Requirement: Review the listing and copy each line that holds the word "fill".

Supplied material:
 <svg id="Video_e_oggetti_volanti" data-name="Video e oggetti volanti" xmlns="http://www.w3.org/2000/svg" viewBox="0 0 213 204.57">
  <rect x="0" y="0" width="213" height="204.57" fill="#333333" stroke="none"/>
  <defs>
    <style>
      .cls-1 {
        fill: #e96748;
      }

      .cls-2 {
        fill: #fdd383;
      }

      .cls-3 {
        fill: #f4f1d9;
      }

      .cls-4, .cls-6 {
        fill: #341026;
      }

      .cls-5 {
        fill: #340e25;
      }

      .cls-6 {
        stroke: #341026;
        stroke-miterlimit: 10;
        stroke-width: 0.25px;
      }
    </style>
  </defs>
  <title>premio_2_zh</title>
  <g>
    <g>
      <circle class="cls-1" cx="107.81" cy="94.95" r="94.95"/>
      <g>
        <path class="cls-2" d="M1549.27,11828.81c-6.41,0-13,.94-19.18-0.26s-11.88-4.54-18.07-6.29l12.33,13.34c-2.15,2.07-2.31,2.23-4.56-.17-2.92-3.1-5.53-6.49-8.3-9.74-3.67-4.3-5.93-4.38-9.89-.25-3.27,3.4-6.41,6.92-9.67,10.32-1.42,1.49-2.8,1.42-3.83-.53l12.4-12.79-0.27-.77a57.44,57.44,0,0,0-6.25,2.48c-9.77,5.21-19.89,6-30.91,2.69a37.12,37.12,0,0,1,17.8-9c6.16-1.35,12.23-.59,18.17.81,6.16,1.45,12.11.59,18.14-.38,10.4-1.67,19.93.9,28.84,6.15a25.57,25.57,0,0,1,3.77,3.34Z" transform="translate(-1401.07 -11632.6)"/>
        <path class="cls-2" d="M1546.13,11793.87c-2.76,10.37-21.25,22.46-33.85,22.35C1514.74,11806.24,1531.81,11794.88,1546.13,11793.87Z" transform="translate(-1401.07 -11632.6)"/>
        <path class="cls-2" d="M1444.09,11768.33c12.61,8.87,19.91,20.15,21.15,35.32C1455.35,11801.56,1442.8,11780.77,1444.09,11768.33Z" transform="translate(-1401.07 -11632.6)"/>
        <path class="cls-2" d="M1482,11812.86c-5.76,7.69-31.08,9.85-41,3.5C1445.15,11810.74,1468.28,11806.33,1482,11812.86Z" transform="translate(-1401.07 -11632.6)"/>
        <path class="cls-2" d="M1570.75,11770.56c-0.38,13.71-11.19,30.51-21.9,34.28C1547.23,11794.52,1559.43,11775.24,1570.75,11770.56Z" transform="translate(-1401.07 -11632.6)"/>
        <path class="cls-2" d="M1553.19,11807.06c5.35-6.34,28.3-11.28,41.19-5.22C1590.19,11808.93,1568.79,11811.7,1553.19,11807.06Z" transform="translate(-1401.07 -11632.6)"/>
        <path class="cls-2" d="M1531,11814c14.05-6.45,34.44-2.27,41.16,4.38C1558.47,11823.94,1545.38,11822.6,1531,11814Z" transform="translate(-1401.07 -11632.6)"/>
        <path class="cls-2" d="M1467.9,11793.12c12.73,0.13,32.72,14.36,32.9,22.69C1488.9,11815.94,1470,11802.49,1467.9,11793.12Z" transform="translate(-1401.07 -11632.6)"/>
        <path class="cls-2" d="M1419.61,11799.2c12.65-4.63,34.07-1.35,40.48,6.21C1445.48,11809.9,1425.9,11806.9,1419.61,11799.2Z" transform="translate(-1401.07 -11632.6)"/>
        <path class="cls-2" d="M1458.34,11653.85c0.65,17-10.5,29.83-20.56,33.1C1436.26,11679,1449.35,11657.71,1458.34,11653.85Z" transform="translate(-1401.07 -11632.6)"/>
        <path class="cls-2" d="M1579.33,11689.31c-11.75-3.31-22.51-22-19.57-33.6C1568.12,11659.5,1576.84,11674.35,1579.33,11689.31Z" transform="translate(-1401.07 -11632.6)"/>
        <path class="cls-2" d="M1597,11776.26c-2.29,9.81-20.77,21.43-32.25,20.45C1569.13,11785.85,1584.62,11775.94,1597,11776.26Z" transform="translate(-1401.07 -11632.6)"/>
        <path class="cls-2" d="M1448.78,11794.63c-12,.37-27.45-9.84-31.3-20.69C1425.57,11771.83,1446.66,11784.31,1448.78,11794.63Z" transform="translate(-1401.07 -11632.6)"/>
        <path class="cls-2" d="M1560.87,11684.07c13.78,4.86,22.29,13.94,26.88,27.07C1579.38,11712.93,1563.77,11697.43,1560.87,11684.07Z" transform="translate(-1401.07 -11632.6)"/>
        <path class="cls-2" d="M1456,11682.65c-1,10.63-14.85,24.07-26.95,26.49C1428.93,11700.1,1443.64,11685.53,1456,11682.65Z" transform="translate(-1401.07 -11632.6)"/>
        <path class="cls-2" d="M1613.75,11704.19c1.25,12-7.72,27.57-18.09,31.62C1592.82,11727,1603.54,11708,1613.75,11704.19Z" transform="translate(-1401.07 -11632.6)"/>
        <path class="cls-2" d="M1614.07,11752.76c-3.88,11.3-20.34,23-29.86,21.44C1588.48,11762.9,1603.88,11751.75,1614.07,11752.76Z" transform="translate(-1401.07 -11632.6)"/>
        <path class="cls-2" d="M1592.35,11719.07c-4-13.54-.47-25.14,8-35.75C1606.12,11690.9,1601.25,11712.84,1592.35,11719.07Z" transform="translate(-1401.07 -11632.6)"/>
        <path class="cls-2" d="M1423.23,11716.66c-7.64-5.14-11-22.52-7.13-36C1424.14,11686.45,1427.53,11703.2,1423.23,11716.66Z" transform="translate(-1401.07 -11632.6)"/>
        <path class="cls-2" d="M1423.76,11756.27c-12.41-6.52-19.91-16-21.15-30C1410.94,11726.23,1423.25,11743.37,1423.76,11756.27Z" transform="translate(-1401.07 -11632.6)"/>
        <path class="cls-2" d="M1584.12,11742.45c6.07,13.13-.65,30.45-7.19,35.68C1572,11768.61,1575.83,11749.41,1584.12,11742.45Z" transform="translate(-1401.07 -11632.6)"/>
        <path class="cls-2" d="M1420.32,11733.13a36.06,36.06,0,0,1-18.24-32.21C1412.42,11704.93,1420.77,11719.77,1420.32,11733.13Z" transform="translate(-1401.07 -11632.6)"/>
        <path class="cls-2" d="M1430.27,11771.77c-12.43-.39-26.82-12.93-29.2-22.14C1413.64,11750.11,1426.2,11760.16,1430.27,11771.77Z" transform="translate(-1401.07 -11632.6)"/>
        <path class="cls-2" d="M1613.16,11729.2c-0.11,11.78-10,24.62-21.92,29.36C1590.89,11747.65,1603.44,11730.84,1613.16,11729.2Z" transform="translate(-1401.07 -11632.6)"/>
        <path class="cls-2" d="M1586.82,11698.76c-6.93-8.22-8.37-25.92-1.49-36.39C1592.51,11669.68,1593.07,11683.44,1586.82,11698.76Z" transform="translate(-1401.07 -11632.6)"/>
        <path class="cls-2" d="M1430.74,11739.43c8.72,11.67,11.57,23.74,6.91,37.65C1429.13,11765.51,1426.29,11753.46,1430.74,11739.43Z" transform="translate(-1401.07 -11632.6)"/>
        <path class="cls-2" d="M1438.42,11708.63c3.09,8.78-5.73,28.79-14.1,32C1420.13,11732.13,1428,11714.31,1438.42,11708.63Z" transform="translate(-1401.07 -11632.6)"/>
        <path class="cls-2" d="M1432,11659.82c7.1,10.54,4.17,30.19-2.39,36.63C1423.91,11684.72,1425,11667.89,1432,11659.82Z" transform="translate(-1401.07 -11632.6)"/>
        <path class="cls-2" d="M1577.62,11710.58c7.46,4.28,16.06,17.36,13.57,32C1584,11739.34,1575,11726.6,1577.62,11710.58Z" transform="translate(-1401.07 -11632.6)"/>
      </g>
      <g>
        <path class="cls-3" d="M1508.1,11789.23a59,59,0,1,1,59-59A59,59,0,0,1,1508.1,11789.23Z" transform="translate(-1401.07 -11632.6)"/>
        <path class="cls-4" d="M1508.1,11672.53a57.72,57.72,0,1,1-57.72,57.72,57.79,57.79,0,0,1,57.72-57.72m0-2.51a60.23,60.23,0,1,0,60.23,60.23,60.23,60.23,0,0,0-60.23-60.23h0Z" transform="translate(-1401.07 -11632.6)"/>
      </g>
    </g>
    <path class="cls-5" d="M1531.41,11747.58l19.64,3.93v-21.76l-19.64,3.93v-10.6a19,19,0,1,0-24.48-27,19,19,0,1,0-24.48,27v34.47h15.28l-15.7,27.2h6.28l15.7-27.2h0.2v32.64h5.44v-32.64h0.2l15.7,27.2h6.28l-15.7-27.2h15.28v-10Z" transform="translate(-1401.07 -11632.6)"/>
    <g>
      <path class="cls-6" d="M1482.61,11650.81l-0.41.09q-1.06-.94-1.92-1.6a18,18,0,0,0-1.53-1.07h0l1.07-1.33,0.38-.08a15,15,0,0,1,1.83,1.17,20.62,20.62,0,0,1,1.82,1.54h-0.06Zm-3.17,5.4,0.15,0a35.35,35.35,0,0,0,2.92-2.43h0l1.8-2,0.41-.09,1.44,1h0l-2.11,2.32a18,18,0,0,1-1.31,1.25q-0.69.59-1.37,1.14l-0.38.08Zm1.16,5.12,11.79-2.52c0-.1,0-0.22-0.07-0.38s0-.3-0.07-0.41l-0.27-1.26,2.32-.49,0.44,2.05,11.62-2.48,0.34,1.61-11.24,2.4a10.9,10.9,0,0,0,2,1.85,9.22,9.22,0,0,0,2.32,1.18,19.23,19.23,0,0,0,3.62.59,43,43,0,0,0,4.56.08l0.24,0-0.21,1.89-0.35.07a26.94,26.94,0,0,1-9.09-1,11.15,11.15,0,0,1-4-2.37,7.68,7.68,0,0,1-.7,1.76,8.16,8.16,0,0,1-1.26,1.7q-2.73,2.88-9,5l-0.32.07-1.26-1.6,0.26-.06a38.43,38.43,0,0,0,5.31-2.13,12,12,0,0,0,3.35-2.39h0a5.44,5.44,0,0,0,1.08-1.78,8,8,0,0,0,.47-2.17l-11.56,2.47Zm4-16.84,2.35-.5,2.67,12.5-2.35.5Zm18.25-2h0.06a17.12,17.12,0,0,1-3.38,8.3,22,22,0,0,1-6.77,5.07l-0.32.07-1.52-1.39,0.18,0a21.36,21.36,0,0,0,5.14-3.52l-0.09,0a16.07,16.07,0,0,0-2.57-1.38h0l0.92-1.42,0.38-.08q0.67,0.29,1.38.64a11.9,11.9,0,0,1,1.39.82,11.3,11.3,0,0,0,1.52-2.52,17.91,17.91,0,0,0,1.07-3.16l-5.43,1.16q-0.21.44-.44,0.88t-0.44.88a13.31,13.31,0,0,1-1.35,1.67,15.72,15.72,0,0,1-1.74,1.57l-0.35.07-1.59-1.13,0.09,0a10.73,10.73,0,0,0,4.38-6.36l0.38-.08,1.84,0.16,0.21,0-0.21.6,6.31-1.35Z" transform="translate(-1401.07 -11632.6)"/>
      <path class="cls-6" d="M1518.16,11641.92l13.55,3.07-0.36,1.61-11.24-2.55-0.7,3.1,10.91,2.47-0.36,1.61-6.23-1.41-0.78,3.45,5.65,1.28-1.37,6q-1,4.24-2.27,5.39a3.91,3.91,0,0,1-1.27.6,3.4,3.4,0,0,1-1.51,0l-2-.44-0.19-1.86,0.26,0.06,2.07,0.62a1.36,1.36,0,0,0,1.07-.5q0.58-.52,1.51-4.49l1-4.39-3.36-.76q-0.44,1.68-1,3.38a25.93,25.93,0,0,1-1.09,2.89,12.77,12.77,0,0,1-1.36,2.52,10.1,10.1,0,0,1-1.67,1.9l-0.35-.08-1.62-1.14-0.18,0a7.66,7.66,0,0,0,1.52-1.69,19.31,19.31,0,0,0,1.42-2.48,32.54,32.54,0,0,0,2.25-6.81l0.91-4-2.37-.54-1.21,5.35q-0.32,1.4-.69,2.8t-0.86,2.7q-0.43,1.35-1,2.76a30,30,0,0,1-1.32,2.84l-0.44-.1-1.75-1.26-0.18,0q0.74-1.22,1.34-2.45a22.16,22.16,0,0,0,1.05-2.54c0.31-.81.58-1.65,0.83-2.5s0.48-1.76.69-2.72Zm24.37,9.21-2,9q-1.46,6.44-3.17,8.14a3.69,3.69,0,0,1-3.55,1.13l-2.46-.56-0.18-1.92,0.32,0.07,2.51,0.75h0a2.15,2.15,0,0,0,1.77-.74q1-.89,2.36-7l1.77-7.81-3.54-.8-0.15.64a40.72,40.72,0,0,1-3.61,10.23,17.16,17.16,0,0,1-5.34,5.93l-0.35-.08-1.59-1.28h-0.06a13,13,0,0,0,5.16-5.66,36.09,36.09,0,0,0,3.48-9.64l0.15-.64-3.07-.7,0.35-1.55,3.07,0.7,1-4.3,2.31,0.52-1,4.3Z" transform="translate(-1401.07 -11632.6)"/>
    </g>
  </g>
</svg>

Answer for the task:
  <rect x="0" y="0" width="213" height="204.57" fill="#333333" stroke="none"/>
        fill: #e96748;
        fill: #fdd383;
        fill: #f4f1d9;
        fill: #341026;
        fill: #340e25;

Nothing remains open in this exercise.